This report is made possible by the sponsorship of the Robert Wood Johnson Foundation
Rural entrepreneurship is a powerful driver of economic development, providing pathways for wealth-building, job creation, and community resilience, especially in remote and lagging regions. Rural residents are more likely to start businesses than their urban counterparts and tend to earn higher incomes than other rural workers. However, business closures and declining startup rates, driven in part by lower access to financial capital, have widened the rural-urban economic divide. Addressing financial barriers is critical to reversing these trends and fostering economic growth and diversification in rural communities.
Personal savings remain the most common source of startup capital, especially for rural entrepreneurs. Yet, rural areas have lower median household incomes and home values, limiting personal wealth as a financing tool. Traditional small business loans from banks are important for stable, incremental growth, especially for businesses in the tradable goods (e.g., manufacturing, agriculture) and local goods and services sectors (e.g., retail, healthcare, hospitality). However, rural bank consolidations have reduced access to relationship-based lending typical of the small community banks in rural areas, further restricting business formation. Continuing a trend that began in the mid-1980s, the number of rural community banks declined from 5,029 in 1994 to 2,618 in 2024 – a decrease of nearly 48 percent.
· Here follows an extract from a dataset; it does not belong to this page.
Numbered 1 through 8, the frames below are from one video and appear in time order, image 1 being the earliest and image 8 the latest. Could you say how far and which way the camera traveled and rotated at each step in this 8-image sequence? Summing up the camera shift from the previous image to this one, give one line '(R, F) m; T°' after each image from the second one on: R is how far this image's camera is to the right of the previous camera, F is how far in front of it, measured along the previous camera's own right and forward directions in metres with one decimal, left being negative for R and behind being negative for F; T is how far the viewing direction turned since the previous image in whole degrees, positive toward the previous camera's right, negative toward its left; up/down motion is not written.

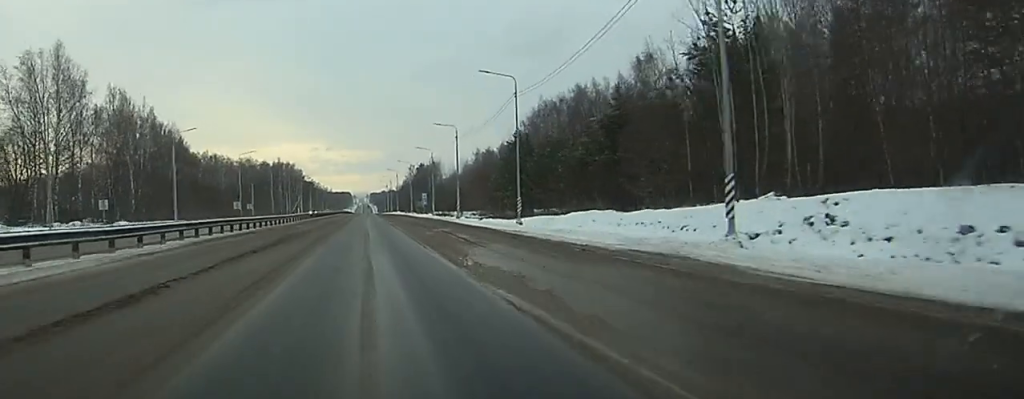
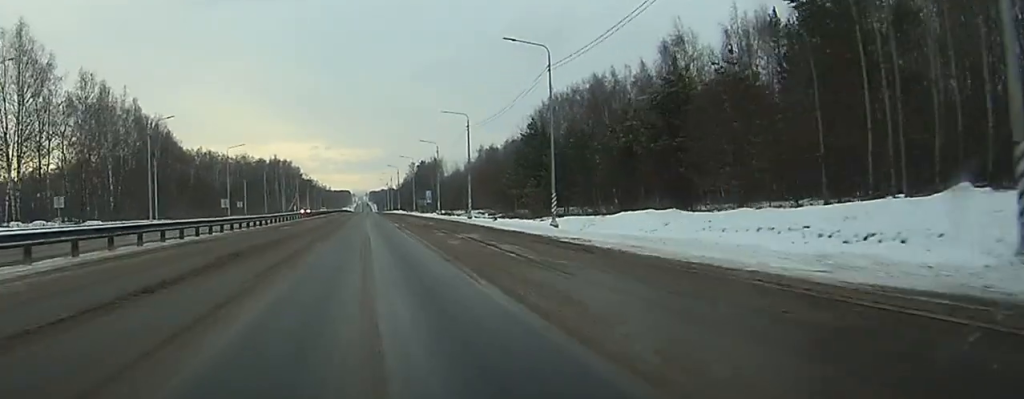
(0.0, +12.2) m; 0°
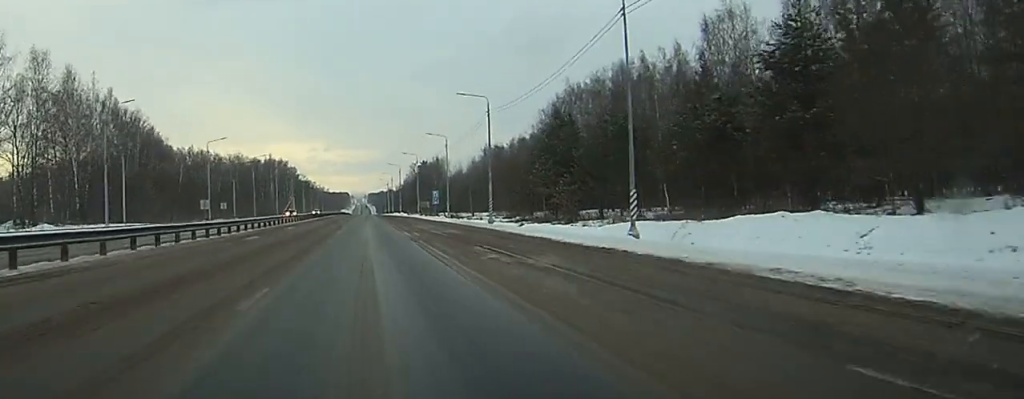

These financial barriers are even more pronounced in rural areas with higher minority populations, where lower household wealth and limited access to community banks make personal savings and traditional bank loans less accessible, further constraining business formation and economic mobility.
For scalable, high-growth startups, especially in the tradable services sector (e.g., SaaS, consulting, IT services, digital marketing), venture capital is especially crucial, but remains highly concentrated in urban hubs as venture capital firms favor local, established networks. This exclusionary investment pattern exacerbates geographic disparities, even more so for rural women and minority entrepreneurs, and limits the potential for rural innovation hubs. Despite making up 12% of all U.S. businesses, rural businesses receive less than 1% of venture capital funding. This funding gap excludes rural entrepreneurs from critical investment networks, limits their ability to scale, and prevents venture capital investors from accessing innovative ideas emerging from rural communities.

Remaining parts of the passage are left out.